La gara individuale di lunedì, con 91 concorrenti, si è svolta su un percorso veloce e spettacolare vicino agli
spettatori, con salite per un dislivello totale superiore ai 1600 metri e discese audaci, vera promozione dello scialpinismo.
Ancora una volta ha vinto lo spagnolo Kilian Jornet Burgada, miglior scialpinista al mondo negli ultimi anni. Fino a
metà gara ha condotto l'italiano Damiano Lenzi, ma la sua caduta (e sci rotto) ha determinato il vincitore.
Tra i concorrenti sloveni, come previsto il migliore è stato Nejc Kuhar, che ha raggiunto il traguardo con il tempo di 1 ora 33 minuti e 9
secondi, poco meno di cinque minuti dietro al vincitore, ottenendo il 15º posto in una competizione molto compatta. Jure Šuligoj è stato
51º, Klemen Triler 64º. I risultati ufficiali della gara individuale sono disponibili a questo link.
Mercoledì 11 febbraio, nell'ultima gara per gli scialpinisti sloveni, Klemen Triler e Jure Šuligoj hanno gareggiato anche nella
gara a coppie, particolarmente impegnativa per lo svolgimento a 3000 metri sul livello del mare, con discese difficili. La coppia slovena ha dato il massimo e, tra 37 coppie, ha ottenuto il 22º
posto. I risultati della gara a coppie sono disponibili a questo link.
DICHIARAZIONI dei concorrenti e del selezionatore:
«È stato il mio settimo campionato mondiale e sicuramente il meglio organizzato. Sono molto
soddisfatto delle mie prestazioni, poiché le differenze si riducono ogni anno e solo pochi secondi significano un piazzamento migliore o peggiore», ha dichiarato dopo i
campionati mondiali di scialpinismo il concorrente sloveno più di successo Nejc Kuhar, che si è soffermato vividamente anche sul suo blog sulle
due gare.
«Dicono che tutto accade per la prima volta una volta, e così è stato anche per questo campionato, il mio primo, così come il mio primo debutto tra
l'élite mondiale. Le sensazioni, l'esperienza e la vita in Svizzera in generale – indescrivibile. Sono soddisfatto dei risultati, e ripensandoci, queste gare mi hanno dato una buona base e ulteriore motivazione per il futuro. I terreni in Svizzera sono davvero
belli e sarei rimasto lì ancora una settimana, perché le condizioni per l'allenamento sono fenomenali.
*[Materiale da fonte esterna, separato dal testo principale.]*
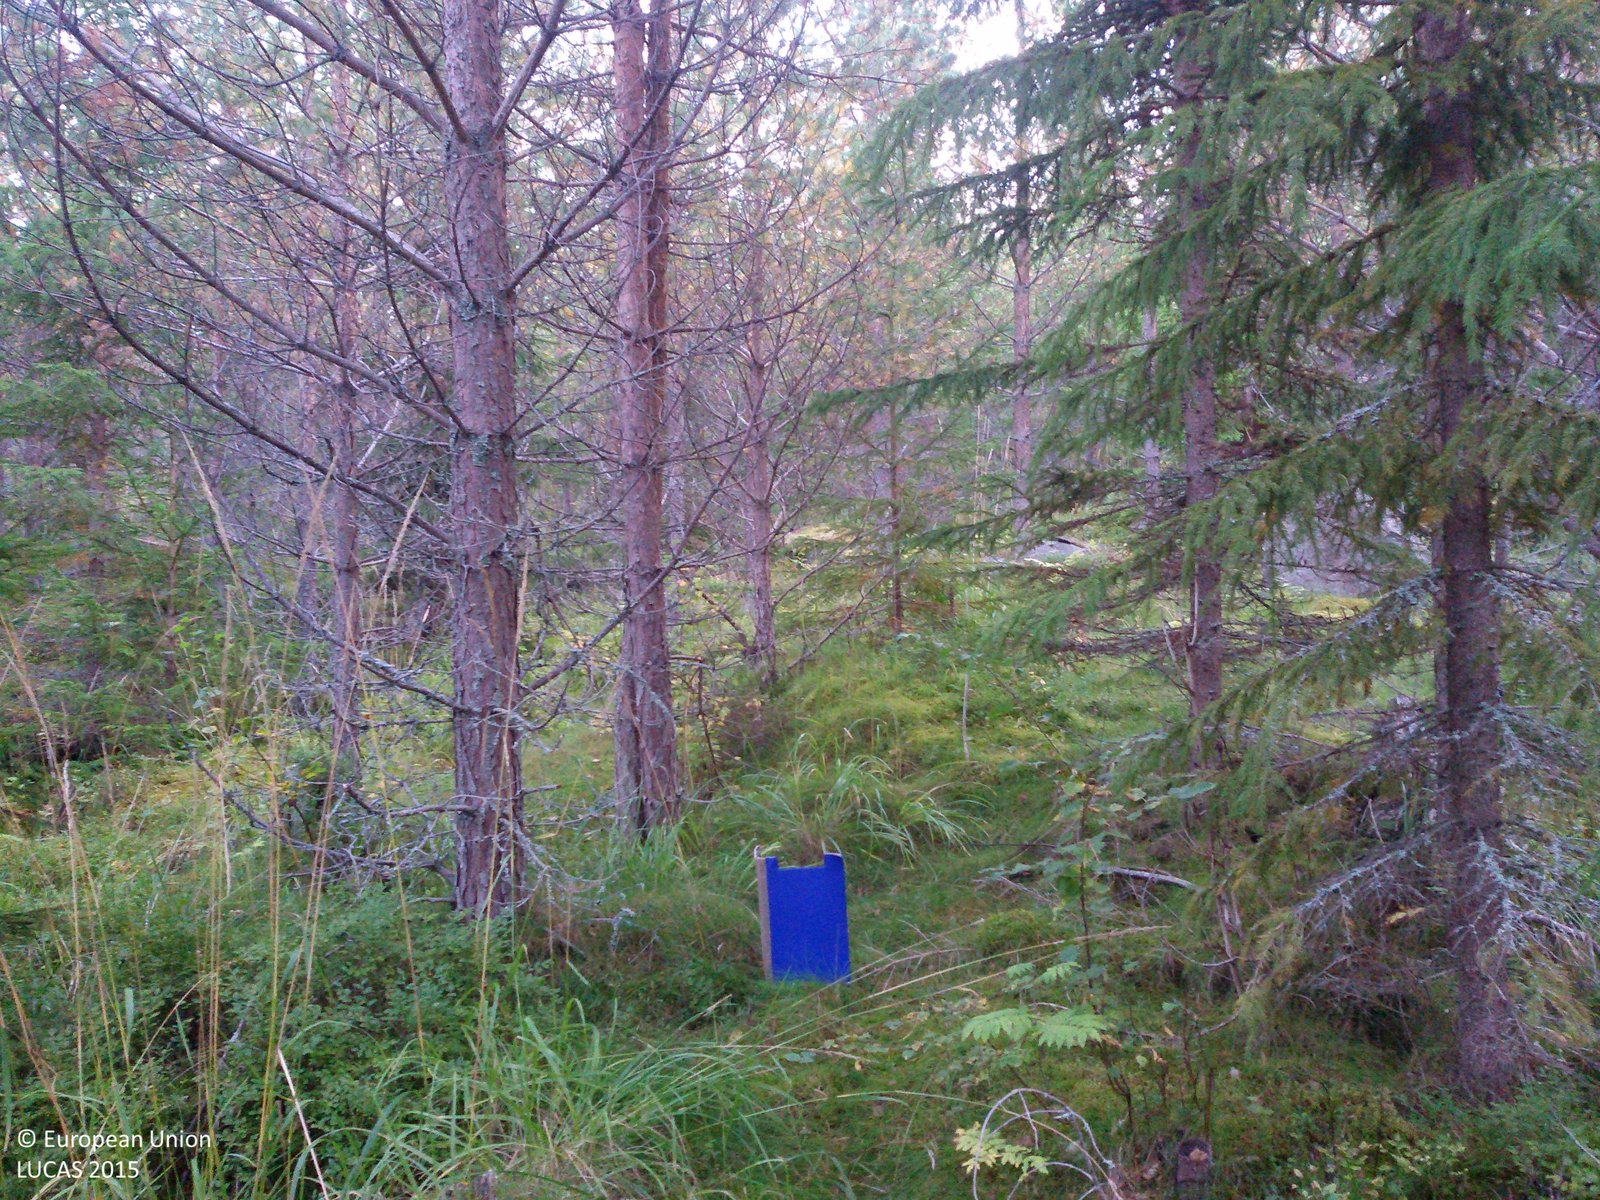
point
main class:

Ci siamo divertiti un sacco!» si è entusiasmato l'esordiente nelle competizioni maggiori Jure Šuligoj.
«Le prestazioni non sono andate del tutto come previsto. Purtroppo, l'operazione al ginocchio mi ha impedito allenamenti intensivi
proprio prima dell'inizio della stagione agonistica. Questo è probabilmente il motivo della forma agonistica inferiore. Nella seconda
parte della stagione voglio migliorare il livello di preparazione, e mi aspetto anche le imminenti gare estere di alto livello. Per il resto, è stata
la competizione meglio organizzata in cui abbia mai partecipato», ha riassunto le impressioni Klemen Triler.
«I Campionati Mondiali Verbier 2015 sono stati organizzati in modo eccellente, e abbiamo avuto anche fortuna con il bel tempo. Le prestazioni
dei nostri concorrenti sono state buone, specialmente alla luce delle condizioni di neve estremamente scarse per gli allenamenti in questa stagione.
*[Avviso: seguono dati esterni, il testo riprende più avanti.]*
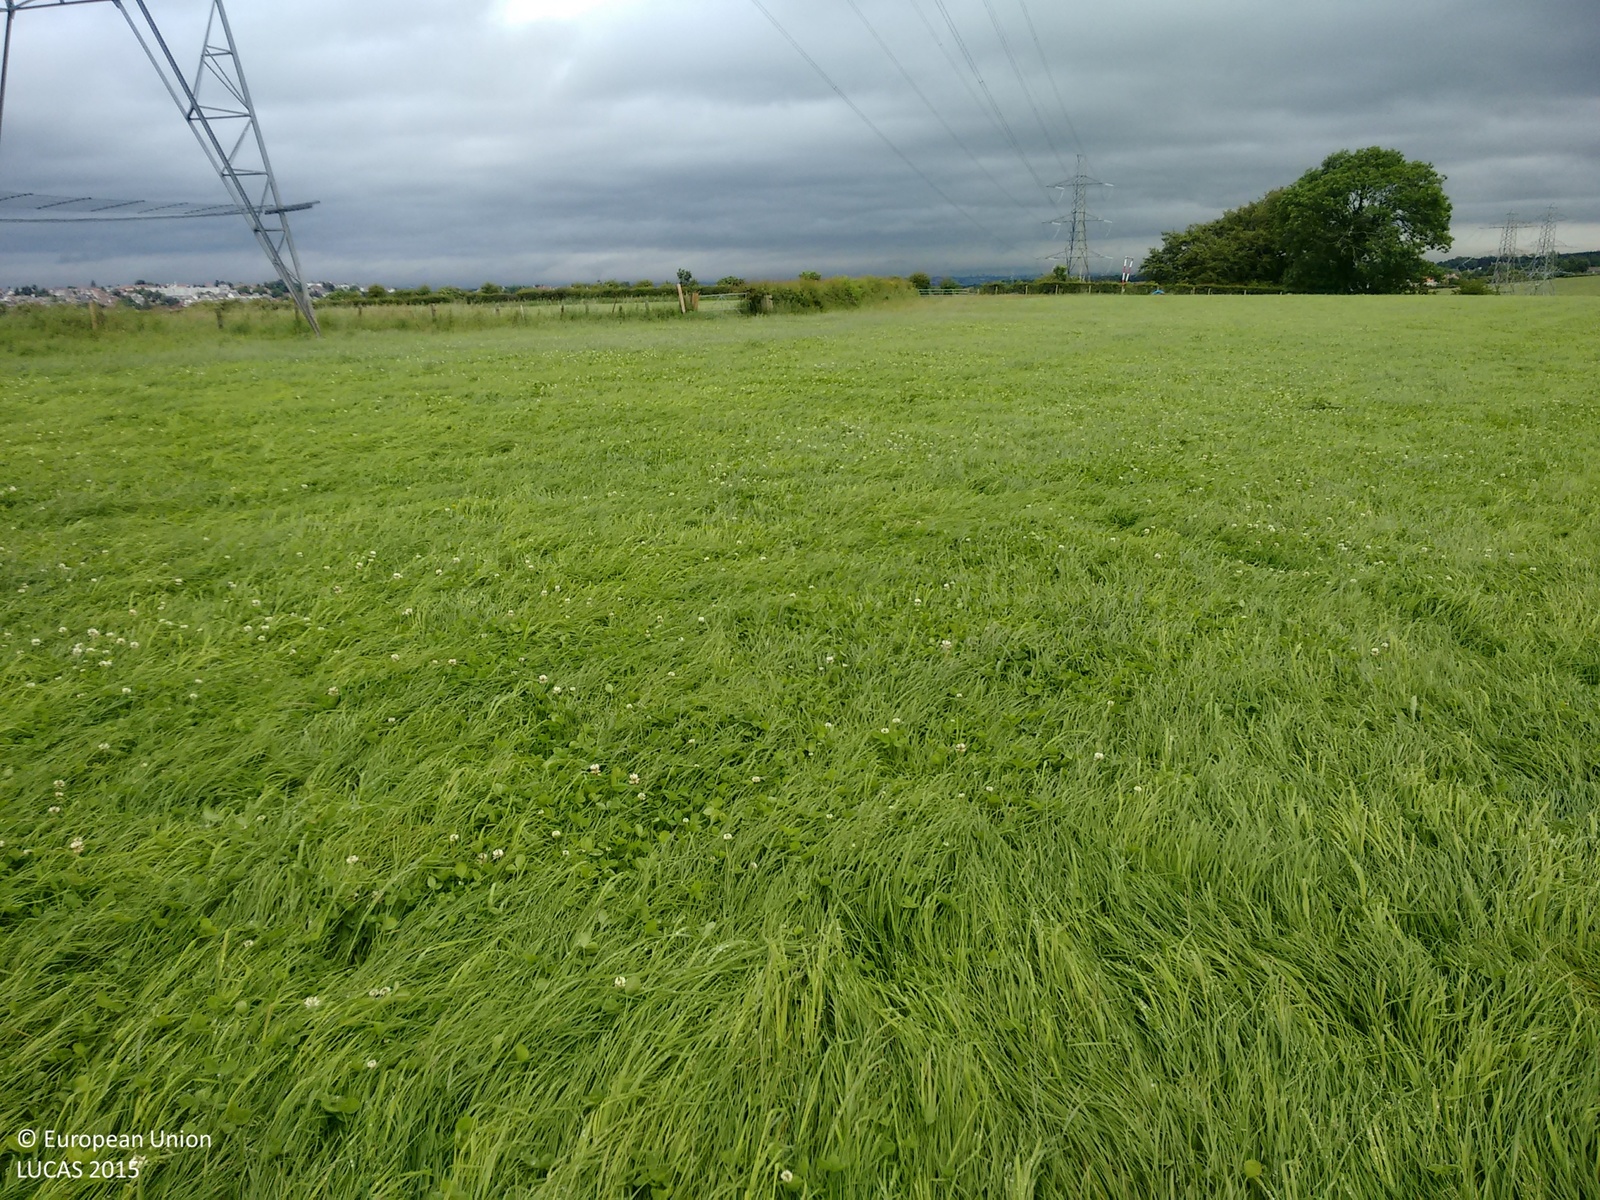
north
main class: Grassland
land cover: Grassland without tree/shrub cover
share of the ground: > 75 %
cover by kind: herbaceous plants 100 %
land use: Agriculture (excluding fallow land and kitchen gardens)
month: July
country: GB
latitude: 55.7692
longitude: -4.2643

La concorrenza si è estremamente compattata, e le grandi nazionali (Italia, Svizzera, Francia, Spagna, nonché Germania e
Austria) mantengono con successo il distacco dalle nazioni agonisticamente meno sviluppate grazie a un lavoro pianificato e maggiori risorse finanziarie.
È stato sicuramente un campionato in cui ogni scialpinista vorrebbe partecipare», ha valutato l'allenatore e selezionatore della nazionale slovena di scialpinismo agonistico
Iztok Cukjati sull'evento élite a Verbier in Svizzera.